For the entries that follow, produce an exact copy with no pictures in it.

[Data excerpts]
----------
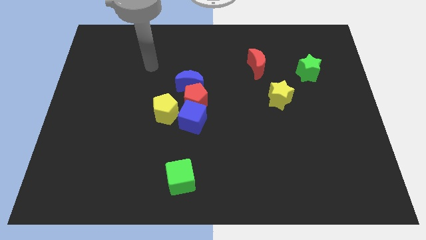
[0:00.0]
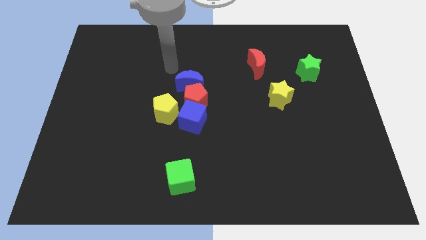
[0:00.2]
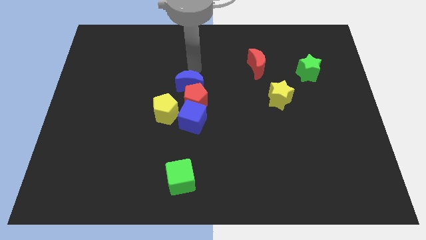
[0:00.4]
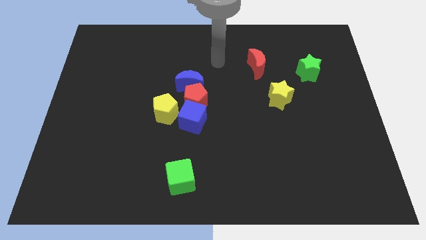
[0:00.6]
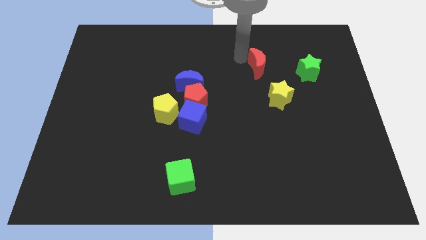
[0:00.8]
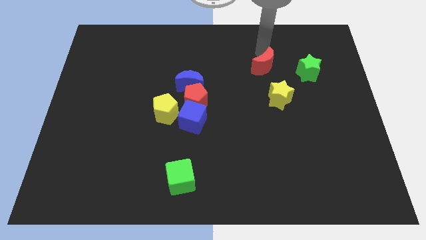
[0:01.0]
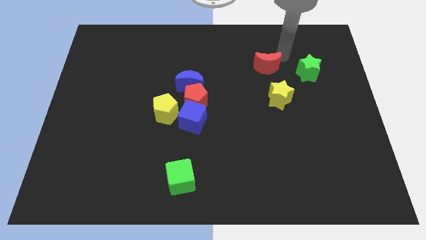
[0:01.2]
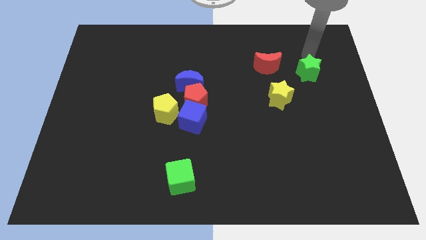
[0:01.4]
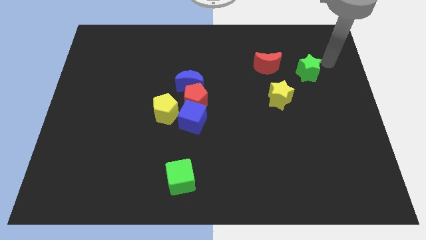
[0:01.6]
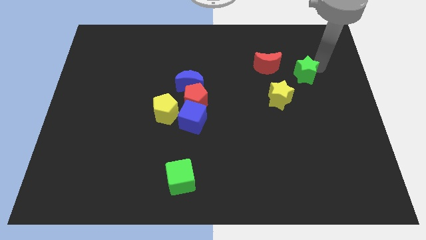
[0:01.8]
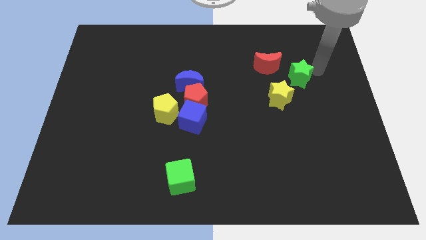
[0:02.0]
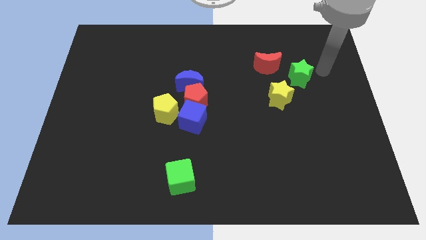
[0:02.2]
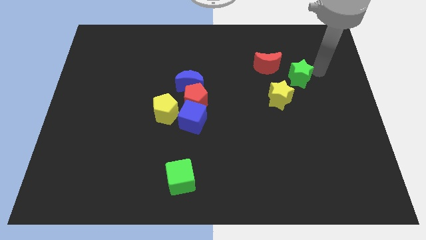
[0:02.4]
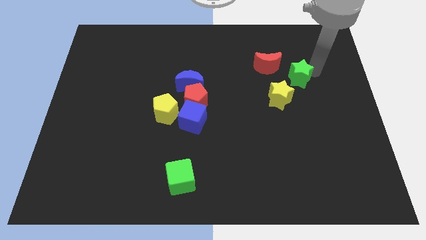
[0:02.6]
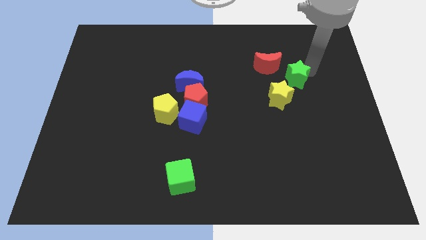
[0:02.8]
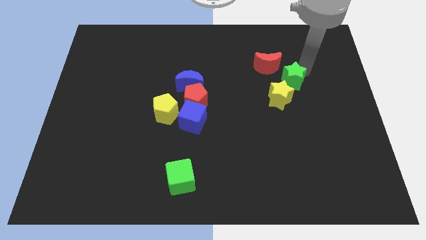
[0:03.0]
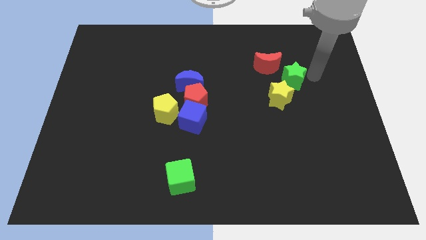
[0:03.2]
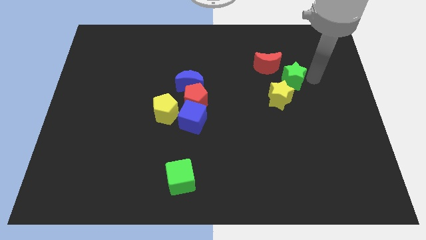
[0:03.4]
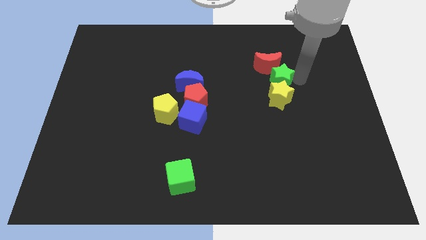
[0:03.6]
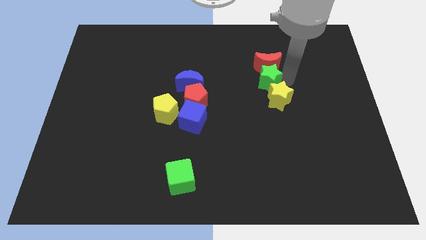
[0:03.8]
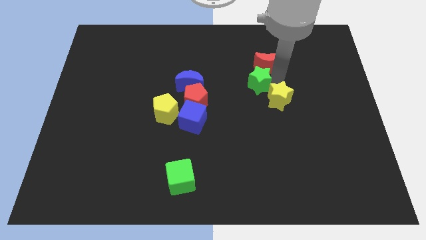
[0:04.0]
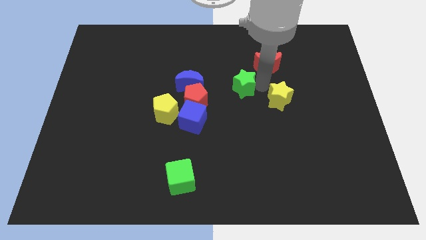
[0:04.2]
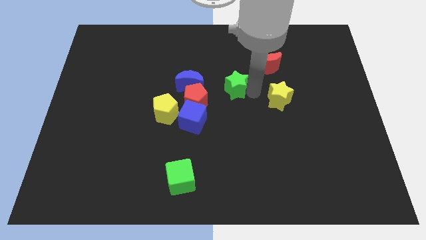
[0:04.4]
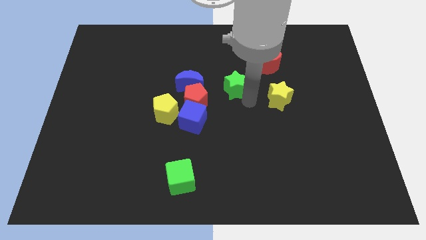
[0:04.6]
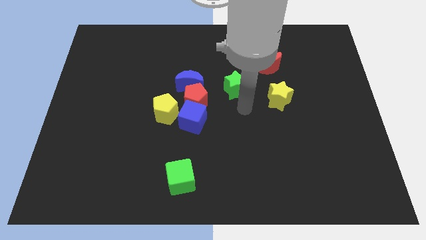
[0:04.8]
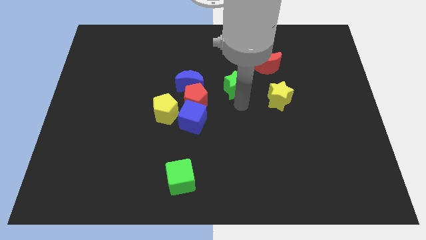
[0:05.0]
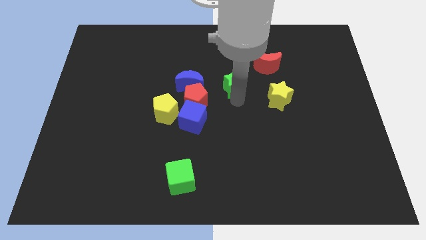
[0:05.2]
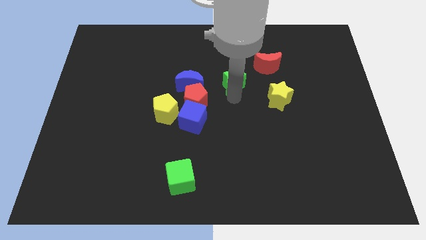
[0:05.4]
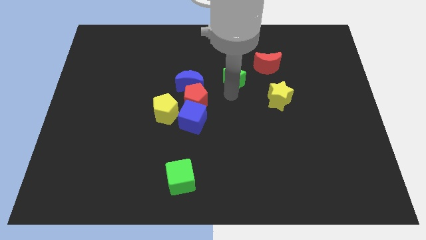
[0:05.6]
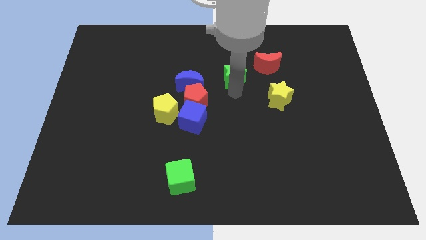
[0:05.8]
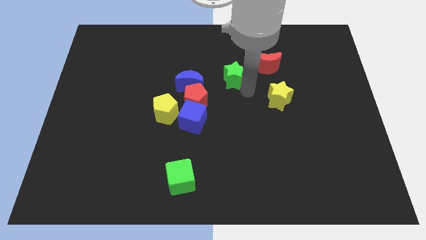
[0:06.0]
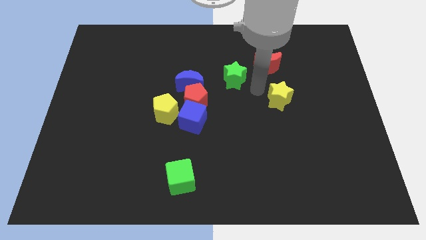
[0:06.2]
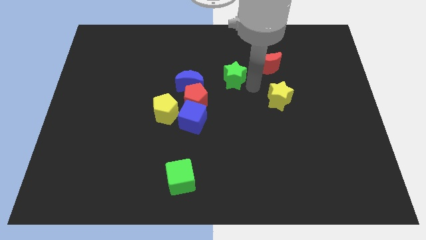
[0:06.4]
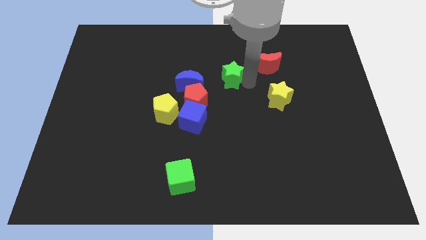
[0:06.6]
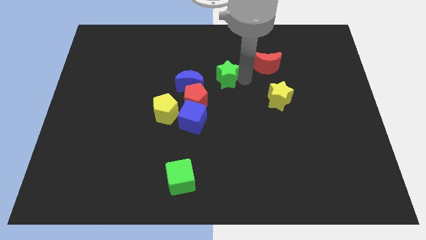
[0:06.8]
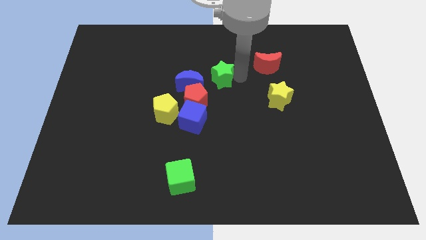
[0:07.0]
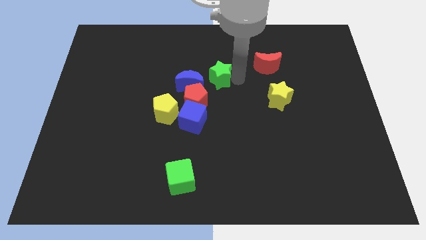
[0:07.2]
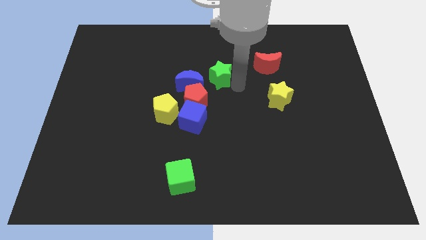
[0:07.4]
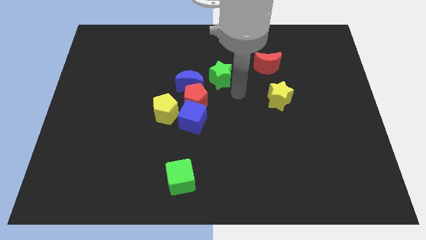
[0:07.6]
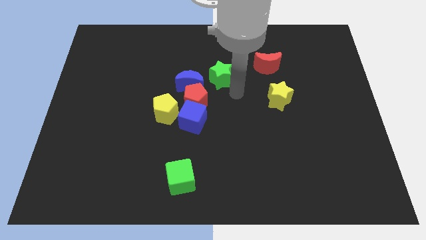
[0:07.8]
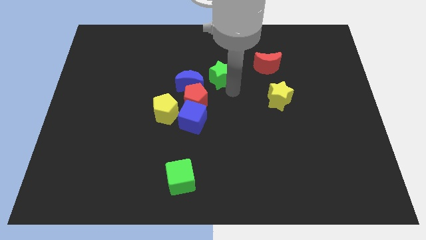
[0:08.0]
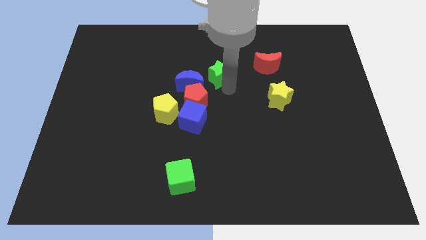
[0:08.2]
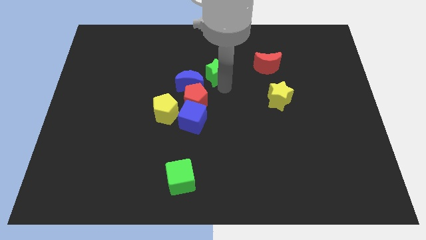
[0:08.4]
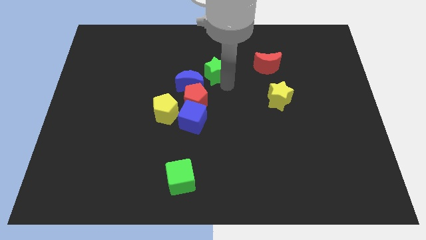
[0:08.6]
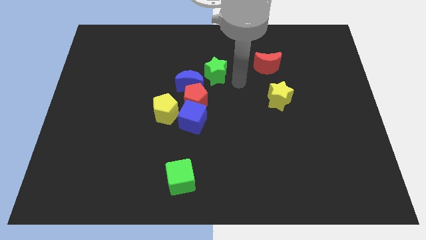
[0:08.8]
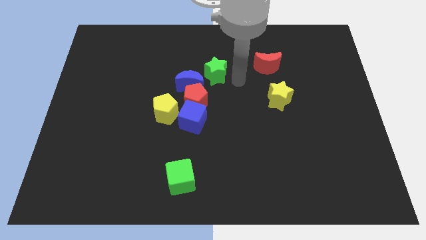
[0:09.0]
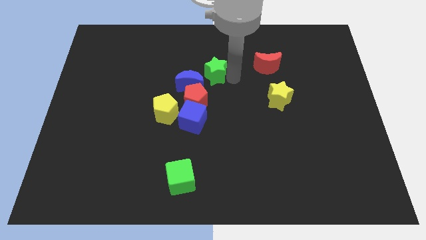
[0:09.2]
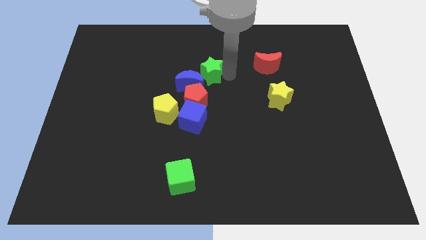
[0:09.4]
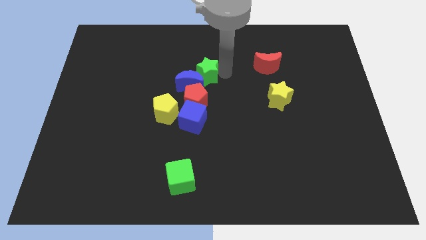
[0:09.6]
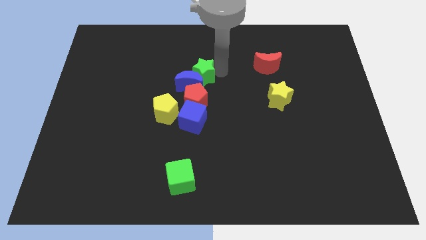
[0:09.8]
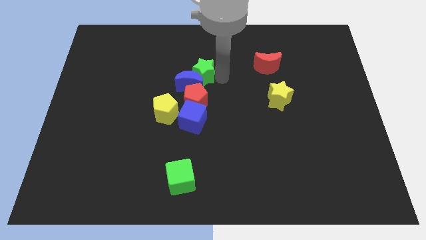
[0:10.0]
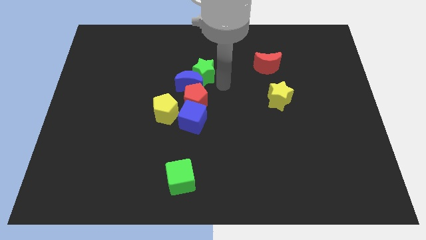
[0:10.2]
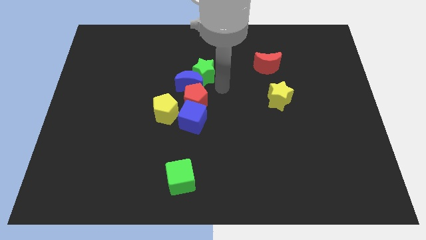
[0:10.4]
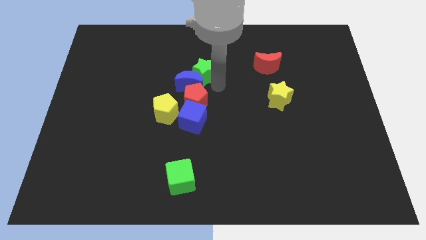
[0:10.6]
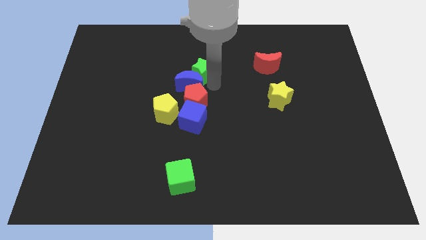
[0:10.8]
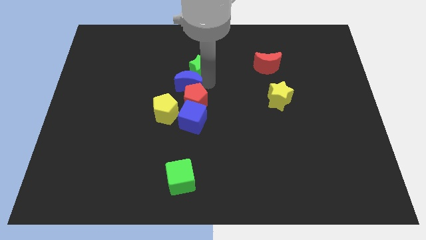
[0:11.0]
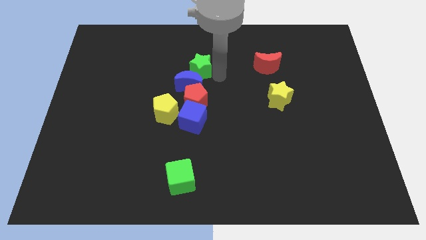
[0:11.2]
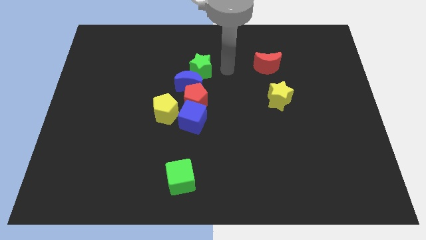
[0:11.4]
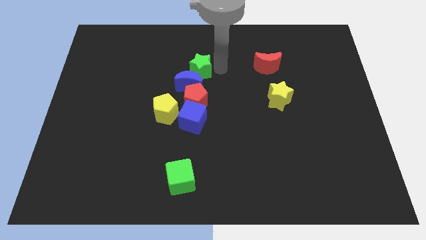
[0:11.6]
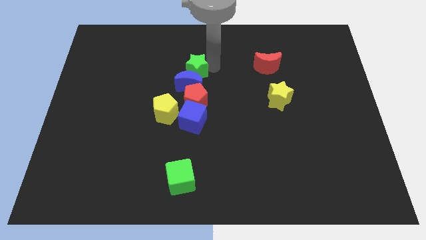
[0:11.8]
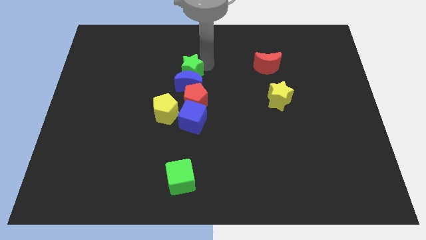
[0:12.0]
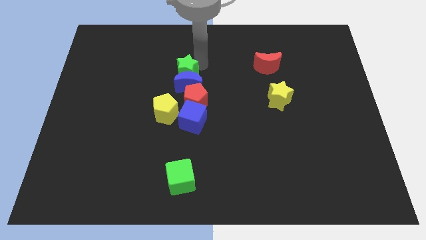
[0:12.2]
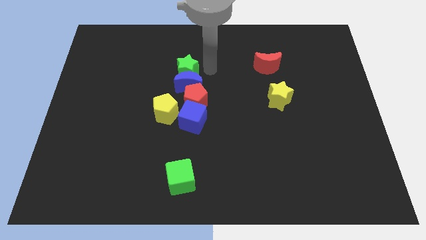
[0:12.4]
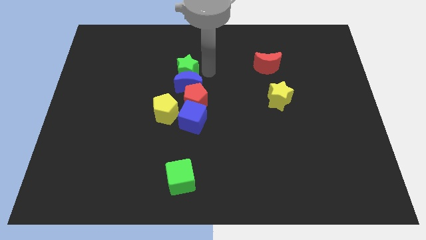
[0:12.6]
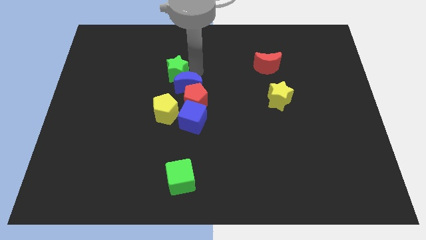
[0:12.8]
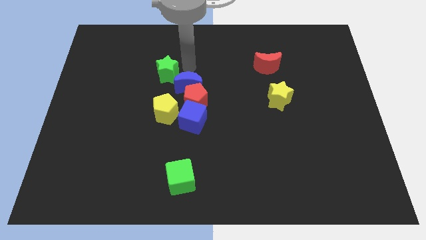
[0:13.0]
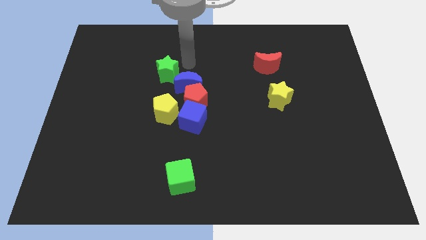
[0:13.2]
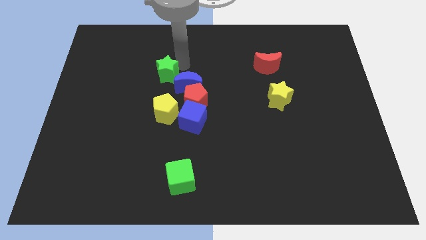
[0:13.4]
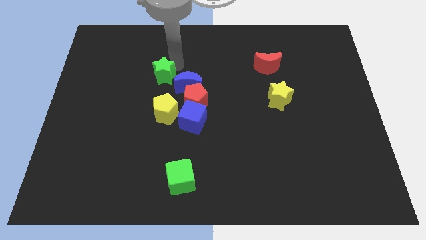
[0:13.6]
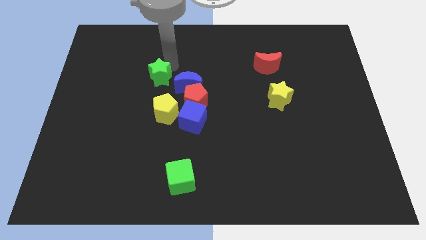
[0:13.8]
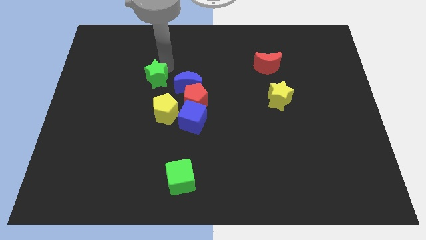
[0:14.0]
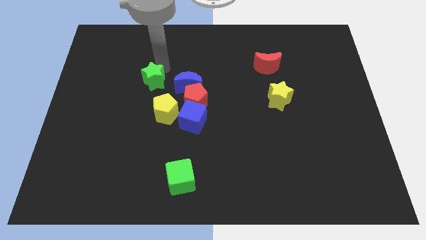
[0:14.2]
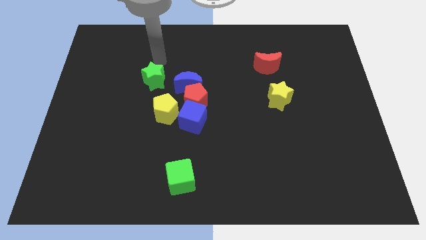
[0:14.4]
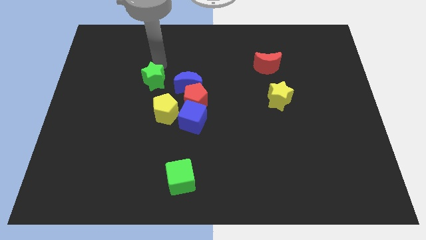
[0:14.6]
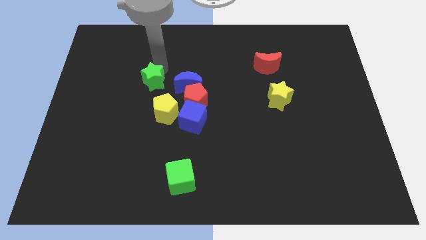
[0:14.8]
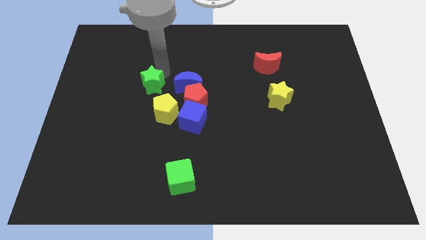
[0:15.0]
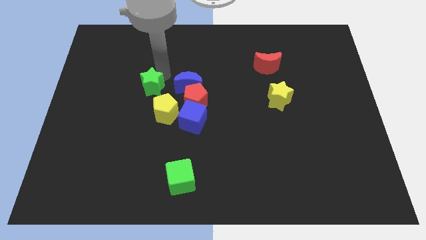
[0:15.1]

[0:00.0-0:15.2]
slide the green star left of the red pentagon
----------
* Answer to this task
[0:00.0]
[0:00.2]
[0:00.4]
[0:00.6]
[0:00.8]
[0:01.0]
[0:01.2]
[0:01.4]
[0:01.6]
[0:01.8]
[0:02.0]
[0:02.2]
[0:02.4]
[0:02.6]
[0:02.8]
[0:03.0]
[0:03.2]
[0:03.4]
[0:03.6]
[0:03.8]
[0:04.0]
[0:04.2]
[0:04.4]
[0:04.6]
[0:04.8]
[0:05.0]
[0:05.2]
[0:05.4]
[0:05.6]
[0:05.8]
[0:06.0]
[0:06.2]
[0:06.4]
[0:06.6]
[0:06.8]
[0:07.0]
[0:07.2]
[0:07.4]
[0:07.6]
[0:07.8]
[0:08.0]
[0:08.2]
[0:08.4]
[0:08.6]
[0:08.8]
[0:09.0]
[0:09.2]
[0:09.4]
[0:09.6]
[0:09.8]
[0:10.0]
[0:10.2]
[0:10.4]
[0:10.6]
[0:10.8]
[0:11.0]
[0:11.2]
[0:11.4]
[0:11.6]
[0:11.8]
[0:12.0]
[0:12.2]
[0:12.4]
[0:12.6]
[0:12.8]
[0:13.0]
[0:13.2]
[0:13.4]
[0:13.6]
[0:13.8]
[0:14.0]
[0:14.2]
[0:14.4]
[0:14.6]
[0:14.8]
[0:15.0]
[0:15.1]

[0:00.0-0:15.2]
slide the green star left of the red pentagon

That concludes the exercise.